Timing of famciclovir (FVR) treatment initiation determines the kinetics and extent of MI. Cohorts of mice (8–10/group) were infected systemically with HSV-1 and their gB-8p-specific CD8 T-cell responses were monitored in blood over time. Four groups were analyzed: control (no famciclovir, no FVR in the legend), and three groups of mice in which FVR treatment was started on day 5 p.i., day 1 p.i. or 7 days prior to infection. Once started, FVR was administered continuosly throughout the duration of the experiment. The number of tetramer⁺ cells/ml blood is shown for individual mice per group at 1 (A), 3 (B) and 6 m.p.i. (C). The data is representative of two independent experiments.

Figure 7

Dependence of in vivo proliferation of memory CD8 T-cells on presence of antigen. Cohorts of B6 mice were systemically infected with HSV-1 and their gB-8p-specific CD8 T-cell response was monitored in blood over time. (A). One group was left untreated (HSV only, n = 8), whereas the second group was continuously treated with FVR starting on day 14 p.i. (HSV + FVR, n = 8). At 7 m.p.i. mice from both groups were given BrdU in their drinking water for 3 weeks to monitor in vivo T cell proliferation. The loss of BrdU label (BrdU chase) was monitored over the course of 5 weeks following termination of BrdU treatment. Mice in HSV+FVR group continued to receive FVR during BrdU treatment.

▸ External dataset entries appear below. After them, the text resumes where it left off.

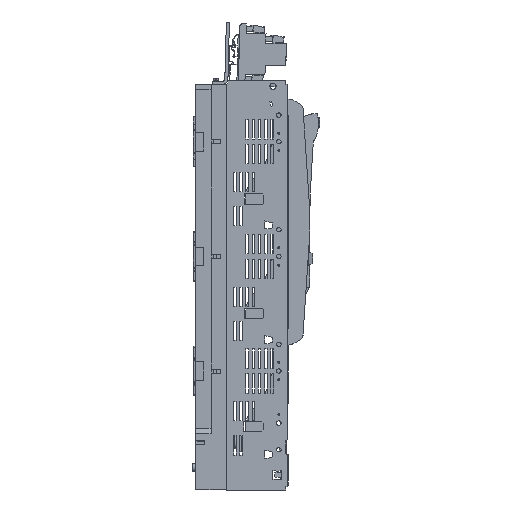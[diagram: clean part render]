
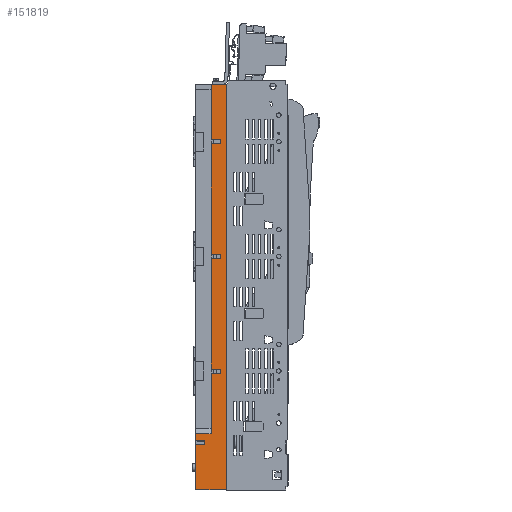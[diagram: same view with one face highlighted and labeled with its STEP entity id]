
A CAD part, left-side view. The second image highlights one B-rep face of the part: STEP entity #151819.
In plain terms, the highlighted planar face has unit normal (-1, 0, 0).
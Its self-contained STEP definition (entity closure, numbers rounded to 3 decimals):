
#151783=AXIS2_PLACEMENT_3D('Plane Axis2P3D',#151780,#151781,#151782) ;
#143238=CARTESIAN_POINT('Vertex',(-50.,-54.,277.064)) ;
#143241=CARTESIAN_POINT('Line Origine',(-50.,-54.,-49.75)) ;
#143245=CARTESIAN_POINT('Vertex',(-50.,-54.,-376.564)) ;
#145354=CARTESIAN_POINT('Vertex',(-50.,-4.,-376.564)) ;
#145357=CARTESIAN_POINT('Line Origine',(-50.,-4.,-340.097)) ;
#145361=CARTESIAN_POINT('Vertex',(-50.,-4.,-303.631)) ;
#145382=CARTESIAN_POINT('Vertex',(-50.,-4.,-297.369)) ;
#145385=CARTESIAN_POINT('Line Origine',(-50.,-4.,-291.714)) ;
#145389=CARTESIAN_POINT('Vertex',(-50.,-4.,-286.058)) ;
#146213=CARTESIAN_POINT('Vertex',(-50.,-29.,277.064)) ;
#146216=CARTESIAN_POINT('Line Origine',(-50.,-29.,277.064)) ;
#150257=CARTESIAN_POINT('Vertex',(-50.,-19.,-297.5)) ;
#150260=CARTESIAN_POINT('Line Origine',(-50.,-11.5,-297.435)) ;
#150955=CARTESIAN_POINT('Line Origine',(-50.,-29.,-376.564)) ;
#151324=CARTESIAN_POINT('Vertex',(-50.,-29.,188.216)) ;
#151329=CARTESIAN_POINT('Line Origine',(-50.,-29.,232.64)) ;
#151352=CARTESIAN_POINT('Vertex',(-50.,-29.,-286.058)) ;
#151355=CARTESIAN_POINT('Line Origine',(-50.,-29.,-237.137)) ;
#151359=CARTESIAN_POINT('Vertex',(-50.,-29.,-188.216)) ;
#151380=CARTESIAN_POINT('Vertex',(-50.,-29.,-181.784)) ;
#151383=CARTESIAN_POINT('Line Origine',(-50.,-29.,-92.5)) ;
#151387=CARTESIAN_POINT('Vertex',(-50.,-29.,-3.216)) ;
#151408=CARTESIAN_POINT('Vertex',(-50.,-29.,3.216)) ;
#151411=CARTESIAN_POINT('Line Origine',(-50.,-29.,92.5)) ;
#151415=CARTESIAN_POINT('Vertex',(-50.,-29.,181.784)) ;
#151489=CARTESIAN_POINT('Vertex',(-50.,-45.,-181.784)) ;
#151492=CARTESIAN_POINT('Line Origine',(-50.,-37.,-181.784)) ;
#151517=CARTESIAN_POINT('Line Origine',(-50.,-45.,-185.)) ;
#151521=CARTESIAN_POINT('Vertex',(-50.,-45.,-188.216)) ;
#151547=CARTESIAN_POINT('Line Origine',(-50.,-37.,-188.216)) ;
#151627=CARTESIAN_POINT('Vertex',(-50.,-19.,-303.631)) ;
#151630=CARTESIAN_POINT('Line Origine',(-50.,-19.,-300.565)) ;
#151660=CARTESIAN_POINT('Vertex',(-50.,-45.,188.216)) ;
#151663=CARTESIAN_POINT('Line Origine',(-50.,-37.,188.216)) ;
#151681=CARTESIAN_POINT('Line Origine',(-50.,-45.,185.)) ;
#151685=CARTESIAN_POINT('Vertex',(-50.,-45.,181.784)) ;
#151704=CARTESIAN_POINT('Line Origine',(-50.,-37.,181.784)) ;
#151722=CARTESIAN_POINT('Vertex',(-50.,-45.,3.216)) ;
#151725=CARTESIAN_POINT('Line Origine',(-50.,-37.,3.216)) ;
#151743=CARTESIAN_POINT('Line Origine',(-50.,-45.,0.)) ;
#151747=CARTESIAN_POINT('Vertex',(-50.,-45.,-3.216)) ;
#151766=CARTESIAN_POINT('Line Origine',(-50.,-37.,-3.216)) ;
#151780=CARTESIAN_POINT('Axis2P3D Location',(-50.,-4.,-49.981)) ;
#151785=CARTESIAN_POINT('Line Origine',(-50.,-29.,-286.058)) ;
#151790=CARTESIAN_POINT('Line Origine',(-50.,-29.,-303.631)) ;
#143242=DIRECTION('Vector Direction',(0.,0.,1.)) ;
#145358=DIRECTION('Vector Direction',(0.,0.,1.)) ;
#145386=DIRECTION('Vector Direction',(0.,0.,1.)) ;
#146217=DIRECTION('Vector Direction',(0.,1.,0.)) ;
#150261=DIRECTION('Vector Direction',(0.,-1.,-0.009)) ;
#150956=DIRECTION('Vector Direction',(0.,1.,0.)) ;
#151330=DIRECTION('Vector Direction',(0.,0.,-1.)) ;
#151356=DIRECTION('Vector Direction',(0.,0.,-1.)) ;
#151384=DIRECTION('Vector Direction',(0.,0.,-1.)) ;
#151412=DIRECTION('Vector Direction',(0.,0.,-1.)) ;
#151493=DIRECTION('Vector Direction',(0.,1.,0.)) ;
#151518=DIRECTION('Vector Direction',(0.,0.,-1.)) ;
#151548=DIRECTION('Vector Direction',(0.,1.,0.)) ;
#151631=DIRECTION('Vector Direction',(0.,0.,-1.)) ;
#151664=DIRECTION('Vector Direction',(0.,1.,0.)) ;
#151682=DIRECTION('Vector Direction',(0.,0.,-1.)) ;
#151705=DIRECTION('Vector Direction',(0.,1.,0.)) ;
#151726=DIRECTION('Vector Direction',(0.,1.,0.)) ;
#151744=DIRECTION('Vector Direction',(0.,0.,-1.)) ;
#151767=DIRECTION('Vector Direction',(0.,1.,0.)) ;
#151781=DIRECTION('Axis2P3D Direction',(1.,0.,0.)) ;
#151782=DIRECTION('Axis2P3D XDirection',(0.,0.,-1.)) ;
#151786=DIRECTION('Vector Direction',(0.,1.,0.)) ;
#151791=DIRECTION('Vector Direction',(0.,1.,0.)) ;
#143243=VECTOR('Line Direction',#143242,1.) ;
#145359=VECTOR('Line Direction',#145358,1.) ;
#145387=VECTOR('Line Direction',#145386,1.) ;
#146218=VECTOR('Line Direction',#146217,1.) ;
#150262=VECTOR('Line Direction',#150261,1.) ;
#150957=VECTOR('Line Direction',#150956,1.) ;
#151331=VECTOR('Line Direction',#151330,1.) ;
#151357=VECTOR('Line Direction',#151356,1.) ;
#151385=VECTOR('Line Direction',#151384,1.) ;
#151413=VECTOR('Line Direction',#151412,1.) ;
#151494=VECTOR('Line Direction',#151493,1.) ;
#151519=VECTOR('Line Direction',#151518,1.) ;
#151549=VECTOR('Line Direction',#151548,1.) ;
#151632=VECTOR('Line Direction',#151631,1.) ;
#151665=VECTOR('Line Direction',#151664,1.) ;
#151683=VECTOR('Line Direction',#151682,1.) ;
#151706=VECTOR('Line Direction',#151705,1.) ;
#151727=VECTOR('Line Direction',#151726,1.) ;
#151745=VECTOR('Line Direction',#151744,1.) ;
#151768=VECTOR('Line Direction',#151767,1.) ;
#151787=VECTOR('Line Direction',#151786,1.) ;
#151792=VECTOR('Line Direction',#151791,1.) ;
#151796=ORIENTED_EDGE('',*,*,#151770,.F.) ;
#151797=ORIENTED_EDGE('',*,*,#151389,.T.) ;
#151798=ORIENTED_EDGE('',*,*,#151496,.T.) ;
#151799=ORIENTED_EDGE('',*,*,#151523,.T.) ;
#151800=ORIENTED_EDGE('',*,*,#151551,.F.) ;
#151801=ORIENTED_EDGE('',*,*,#151361,.T.) ;
#151802=ORIENTED_EDGE('',*,*,#151789,.F.) ;
#151803=ORIENTED_EDGE('',*,*,#145391,.F.) ;
#151804=ORIENTED_EDGE('',*,*,#150264,.T.) ;
#151805=ORIENTED_EDGE('',*,*,#151634,.T.) ;
#151806=ORIENTED_EDGE('',*,*,#151794,.F.) ;
#151807=ORIENTED_EDGE('',*,*,#145363,.F.) ;
#151808=ORIENTED_EDGE('',*,*,#150959,.T.) ;
#151809=ORIENTED_EDGE('',*,*,#143247,.T.) ;
#151810=ORIENTED_EDGE('',*,*,#146220,.F.) ;
#151811=ORIENTED_EDGE('',*,*,#151333,.T.) ;
#151812=ORIENTED_EDGE('',*,*,#151667,.T.) ;
#151813=ORIENTED_EDGE('',*,*,#151687,.T.) ;
#151814=ORIENTED_EDGE('',*,*,#151708,.F.) ;
#151815=ORIENTED_EDGE('',*,*,#151417,.T.) ;
#151816=ORIENTED_EDGE('',*,*,#151729,.T.) ;
#151817=ORIENTED_EDGE('',*,*,#151749,.T.) ;
#151819=ADVANCED_FACE('804187_13_L_NH-Leistenunterteil Gr.2  L/SL2/W/3A/ES00',(#151818),#151784,.F.) ;
#143247=EDGE_CURVE('',#143246,#143239,#143244,.T.) ;
#145363=EDGE_CURVE('',#145355,#145362,#145360,.T.) ;
#145391=EDGE_CURVE('',#145383,#145390,#145388,.T.) ;
#146220=EDGE_CURVE('',#146214,#143239,#146219,.F.) ;
#150264=EDGE_CURVE('',#145383,#150258,#150263,.T.) ;
#150959=EDGE_CURVE('',#145355,#143246,#150958,.F.) ;
#151333=EDGE_CURVE('',#146214,#151325,#151332,.T.) ;
#151361=EDGE_CURVE('',#151360,#151353,#151358,.T.) ;
#151389=EDGE_CURVE('',#151388,#151381,#151386,.T.) ;
#151417=EDGE_CURVE('',#151416,#151409,#151414,.T.) ;
#151496=EDGE_CURVE('',#151381,#151490,#151495,.F.) ;
#151523=EDGE_CURVE('',#151490,#151522,#151520,.T.) ;
#151551=EDGE_CURVE('',#151360,#151522,#151550,.F.) ;
#151634=EDGE_CURVE('',#150258,#151628,#151633,.T.) ;
#151667=EDGE_CURVE('',#151325,#151661,#151666,.F.) ;
#151687=EDGE_CURVE('',#151661,#151686,#151684,.T.) ;
#151708=EDGE_CURVE('',#151416,#151686,#151707,.F.) ;
#151729=EDGE_CURVE('',#151409,#151723,#151728,.F.) ;
#151749=EDGE_CURVE('',#151723,#151748,#151746,.T.) ;
#151770=EDGE_CURVE('',#151388,#151748,#151769,.F.) ;
#151789=EDGE_CURVE('',#145390,#151353,#151788,.F.) ;
#151794=EDGE_CURVE('',#145362,#151628,#151793,.F.) ;
#151795=EDGE_LOOP('',(#151796,#151797,#151798,#151799,#151800,#151801,#151802,#151803,#151804,#151805,#151806,#151807,#151808,#151809,#151810,#151811,#151812,#151813,#151814,#151815,#151816,#151817)) ;
#151818=FACE_OUTER_BOUND('',#151795,.T.) ;
#143244=LINE('Line',#143241,#143243) ;
#145360=LINE('Line',#145357,#145359) ;
#145388=LINE('Line',#145385,#145387) ;
#146219=LINE('Line',#146216,#146218) ;
#150263=LINE('Line',#150260,#150262) ;
#150958=LINE('Line',#150955,#150957) ;
#151332=LINE('Line',#151329,#151331) ;
#151358=LINE('Line',#151355,#151357) ;
#151386=LINE('Line',#151383,#151385) ;
#151414=LINE('Line',#151411,#151413) ;
#151495=LINE('Line',#151492,#151494) ;
#151520=LINE('Line',#151517,#151519) ;
#151550=LINE('Line',#151547,#151549) ;
#151633=LINE('Line',#151630,#151632) ;
#151666=LINE('Line',#151663,#151665) ;
#151684=LINE('Line',#151681,#151683) ;
#151707=LINE('Line',#151704,#151706) ;
#151728=LINE('Line',#151725,#151727) ;
#151746=LINE('Line',#151743,#151745) ;
#151769=LINE('Line',#151766,#151768) ;
#151788=LINE('Line',#151785,#151787) ;
#151793=LINE('Line',#151790,#151792) ;
#151784=PLANE('Plane',#151783) ;
#143239=VERTEX_POINT('',#143238) ;
#143246=VERTEX_POINT('',#143245) ;
#145355=VERTEX_POINT('',#145354) ;
#145362=VERTEX_POINT('',#145361) ;
#145383=VERTEX_POINT('',#145382) ;
#145390=VERTEX_POINT('',#145389) ;
#146214=VERTEX_POINT('',#146213) ;
#150258=VERTEX_POINT('',#150257) ;
#151325=VERTEX_POINT('',#151324) ;
#151353=VERTEX_POINT('',#151352) ;
#151360=VERTEX_POINT('',#151359) ;
#151381=VERTEX_POINT('',#151380) ;
#151388=VERTEX_POINT('',#151387) ;
#151409=VERTEX_POINT('',#151408) ;
#151416=VERTEX_POINT('',#151415) ;
#151490=VERTEX_POINT('',#151489) ;
#151522=VERTEX_POINT('',#151521) ;
#151628=VERTEX_POINT('',#151627) ;
#151661=VERTEX_POINT('',#151660) ;
#151686=VERTEX_POINT('',#151685) ;
#151723=VERTEX_POINT('',#151722) ;
#151748=VERTEX_POINT('',#151747) ;

B–C. Percent of BrdU⁺ cells within tetramer⁺ or tetramer⁻ CD8 T-cell populations in FVR treated (B) or untreated control (C) group. Average values (±SD) are shown. D. Percent of BrdU⁺ cells within tetramer⁺ CD8 T-cell populations from FVR treated or untreated control group. Average values (±SD) are shown. E. The change in frequency of Tet+ cells in both cohorts (famvir-treated - filled bars; control - open bars), respectively was monitored during the chase period. The frequency measured at the start of chase was taken as 100% and the frequencies detected at 0 and 5 week timepoints were calculated accordingly. Overall, this corresponded to absolute values of 3±1.6 and 6.3±1.1 × 10⁵ of gB-specific CD8 cells in famvir-treated and control mice, respectively.

Figure 8

Comparison of in vivo proliferation and maintenance of memory CD8 T cells in blood and spleen. Cohorts of B6 mice were infected with HSV-1 as in Fig. 7. One group (HSV only, n=8)) was left untreated, and the second was continuously treated with FVR starting on day 5 p.i. (HSV + FVR, n=8). Both groups were given BrdU in their drinking water for 3 weeks (day 77–98 p.i.). The percentage (A, B) and number (C,D) of Tet+ cells, as well the loss of BrdU label by Tet+ CD8 T-cells (E, F) was analyzed in blood (A,C,E) and spleen (B,D,F) during 16 weeks following the end of BrdU labeling (day 98–210 p.i.). G–H. The expression of CD62L, CD127 and CD27 was evaluated on Tet+ CD8 T-cells in blood (G) and spleen (H) on day 210 p.i. The results are presented as percentage of CD62Lhi, CD127+ and CD27+ cells within Tet+ CD8+ T-cells (±SD).